**Recorded information**
· · · ·
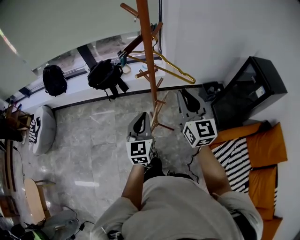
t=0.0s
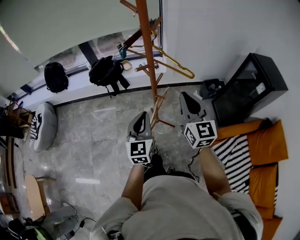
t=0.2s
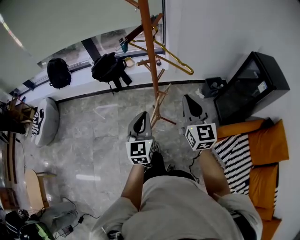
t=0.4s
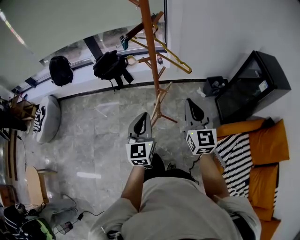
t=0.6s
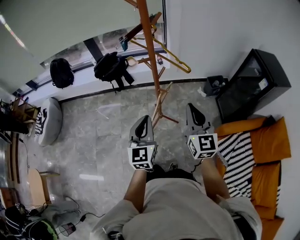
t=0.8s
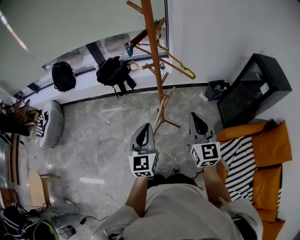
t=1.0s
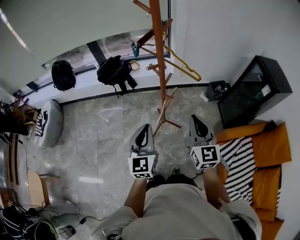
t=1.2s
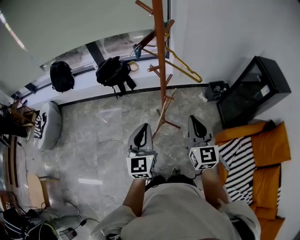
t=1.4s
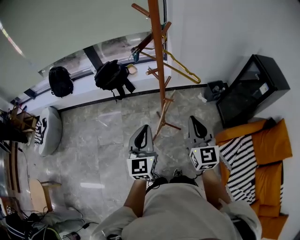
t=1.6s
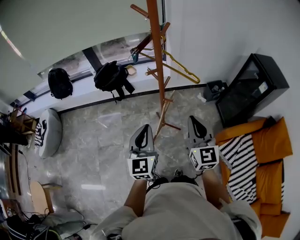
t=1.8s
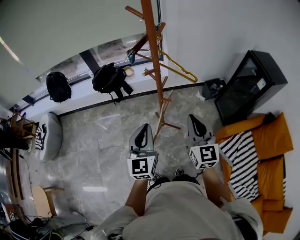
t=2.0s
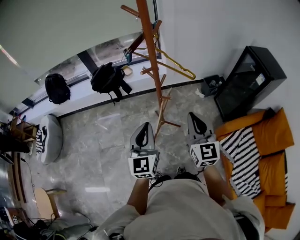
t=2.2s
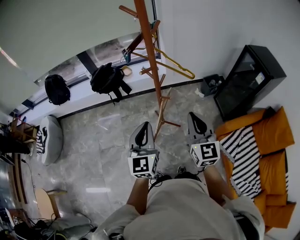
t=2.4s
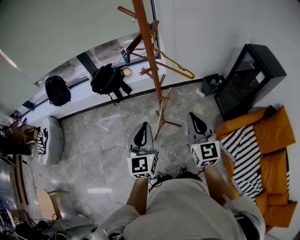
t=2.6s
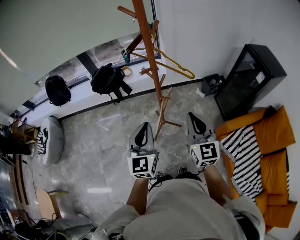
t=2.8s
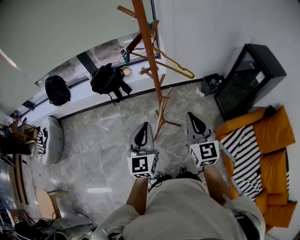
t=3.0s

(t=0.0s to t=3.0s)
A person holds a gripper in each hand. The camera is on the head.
t=0.0s - t=1.6s: The left gripper shifts approximately 10 cm backward. Meanwhile the right gripper heads backward and downward, covering roughly 10 cm.
t=1.6s - t=3.0s: The grippers make only small movements.

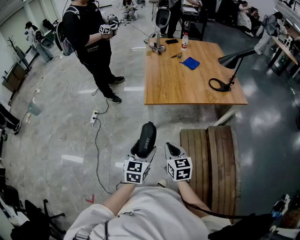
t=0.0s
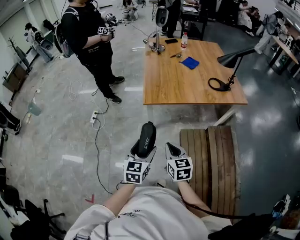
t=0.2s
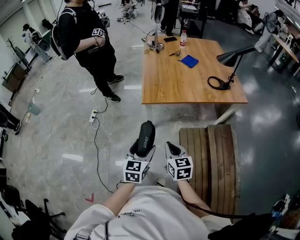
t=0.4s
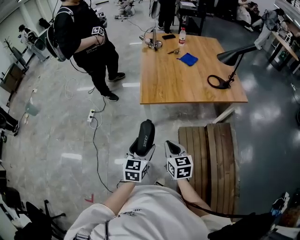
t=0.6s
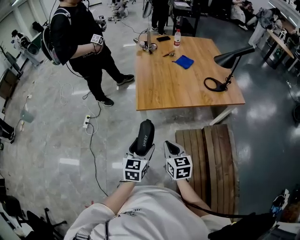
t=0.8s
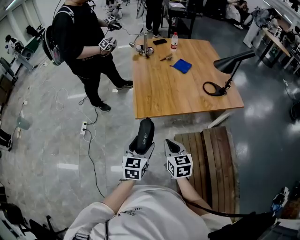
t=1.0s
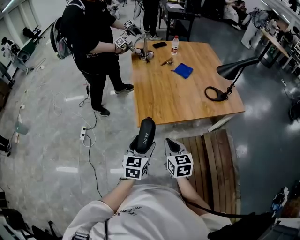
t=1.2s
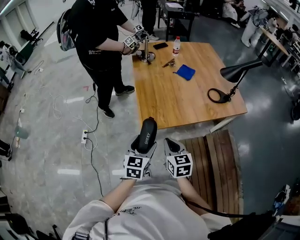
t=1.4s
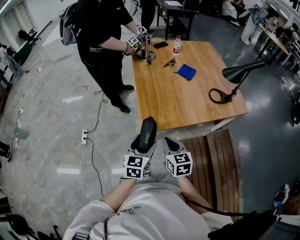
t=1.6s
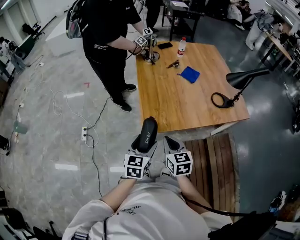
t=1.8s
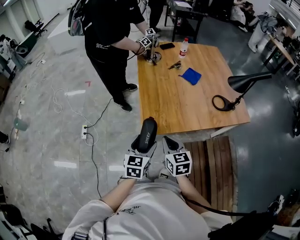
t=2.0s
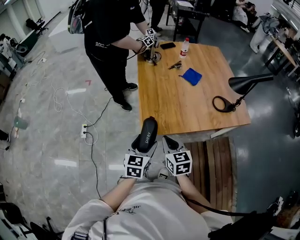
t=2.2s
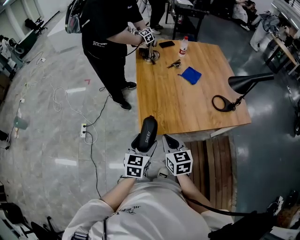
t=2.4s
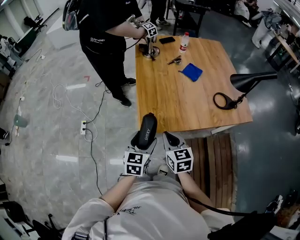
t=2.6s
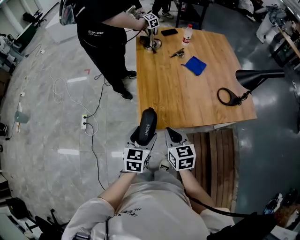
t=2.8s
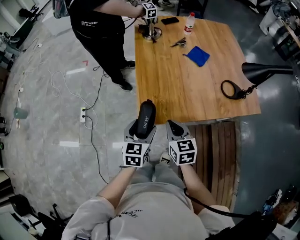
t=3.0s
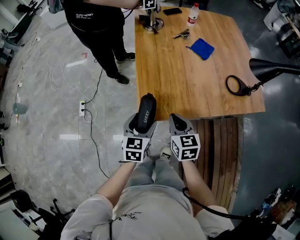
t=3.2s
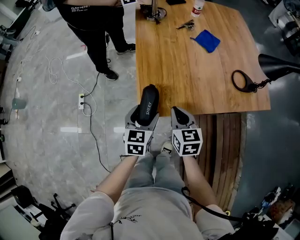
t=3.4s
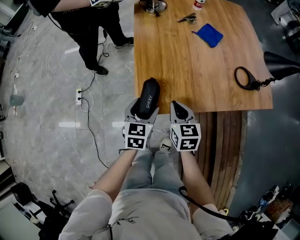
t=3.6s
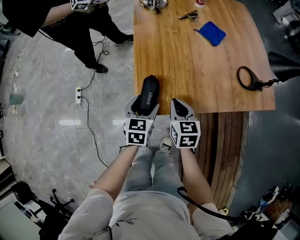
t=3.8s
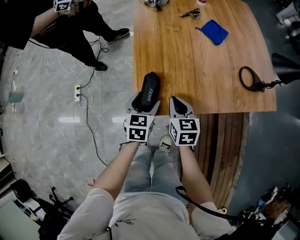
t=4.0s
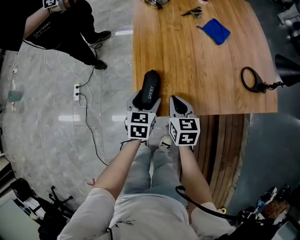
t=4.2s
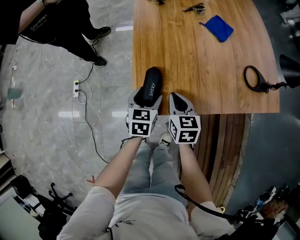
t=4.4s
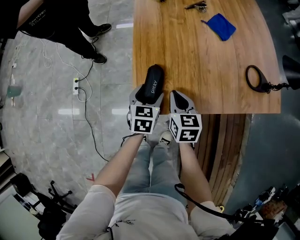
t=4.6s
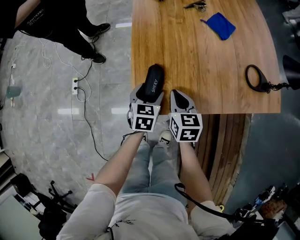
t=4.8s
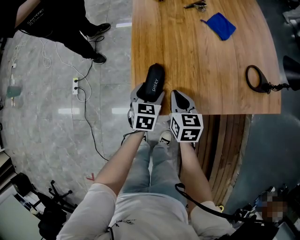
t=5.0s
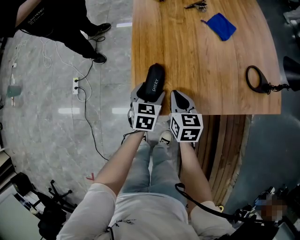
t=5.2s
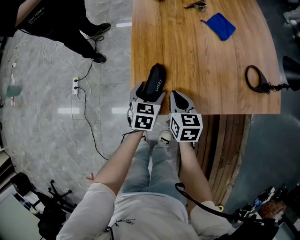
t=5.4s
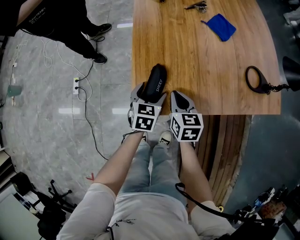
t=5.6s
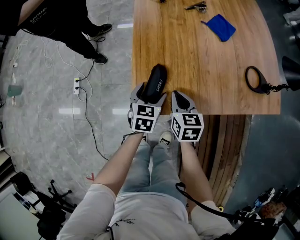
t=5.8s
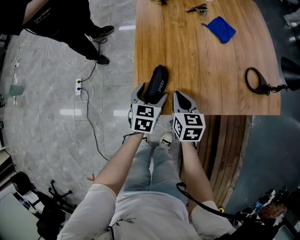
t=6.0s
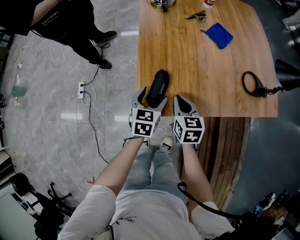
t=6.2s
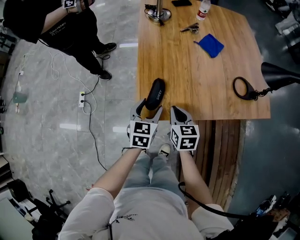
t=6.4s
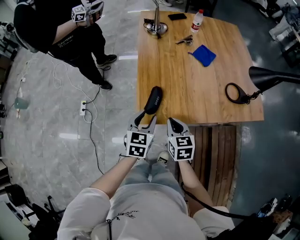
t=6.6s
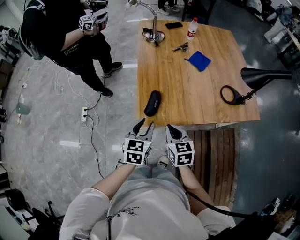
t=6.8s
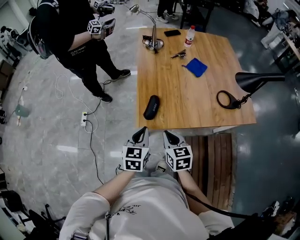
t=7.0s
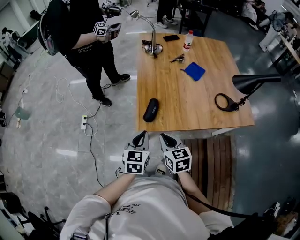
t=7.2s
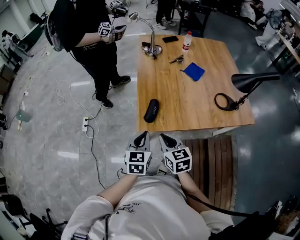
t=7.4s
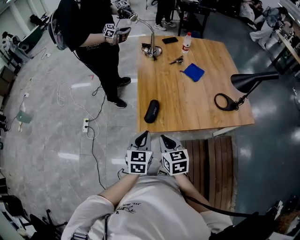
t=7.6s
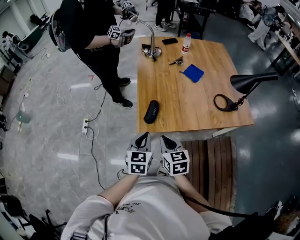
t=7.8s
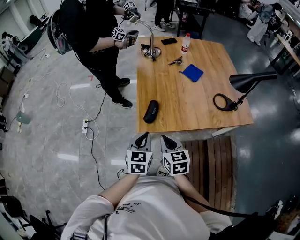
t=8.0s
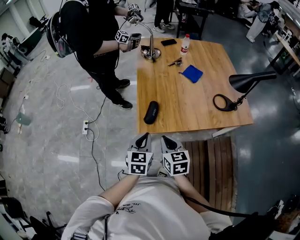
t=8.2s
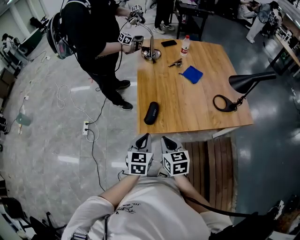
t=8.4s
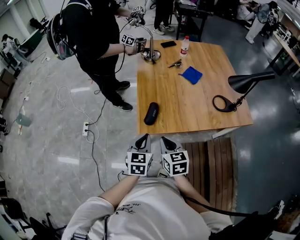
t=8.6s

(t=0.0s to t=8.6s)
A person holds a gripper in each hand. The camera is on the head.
· · · ·
**Exercise brief**
When a record holds a picture, leave that picture out; copy the rest verbatim.

**Solution to this exercise**
t=0.0s
t=0.2s
t=0.4s
t=0.6s
t=0.8s
t=1.0s
t=1.2s
t=1.4s
t=1.6s
t=1.8s
t=2.0s
t=2.2s
t=2.4s
t=2.6s
t=2.8s
t=3.0s

(t=0.0s to t=3.0s)
A person holds a gripper in each hand. The camera is on the head.
t=0.0s - t=1.6s: The left gripper shifts approximately 10 cm backward. Meanwhile the right gripper heads backward and downward, covering roughly 10 cm.
t=1.6s - t=3.0s: The grippers make only small movements.

t=0.0s
t=0.2s
t=0.4s
t=0.6s
t=0.8s
t=1.0s
t=1.2s
t=1.4s
t=1.6s
t=1.8s
t=2.0s
t=2.2s
t=2.4s
t=2.6s
t=2.8s
t=3.0s
t=3.2s
t=3.4s
t=3.6s
t=3.8s
t=4.0s
t=4.2s
t=4.4s
t=4.6s
t=4.8s
t=5.0s
t=5.2s
t=5.4s
t=5.6s
t=5.8s
t=6.0s
t=6.2s
t=6.4s
t=6.6s
t=6.8s
t=7.0s
t=7.2s
t=7.4s
t=7.6s
t=7.8s
t=8.0s
t=8.2s
t=8.4s
t=8.6s

(t=0.0s to t=8.6s)
A person holds a gripper in each hand. The camera is on the head.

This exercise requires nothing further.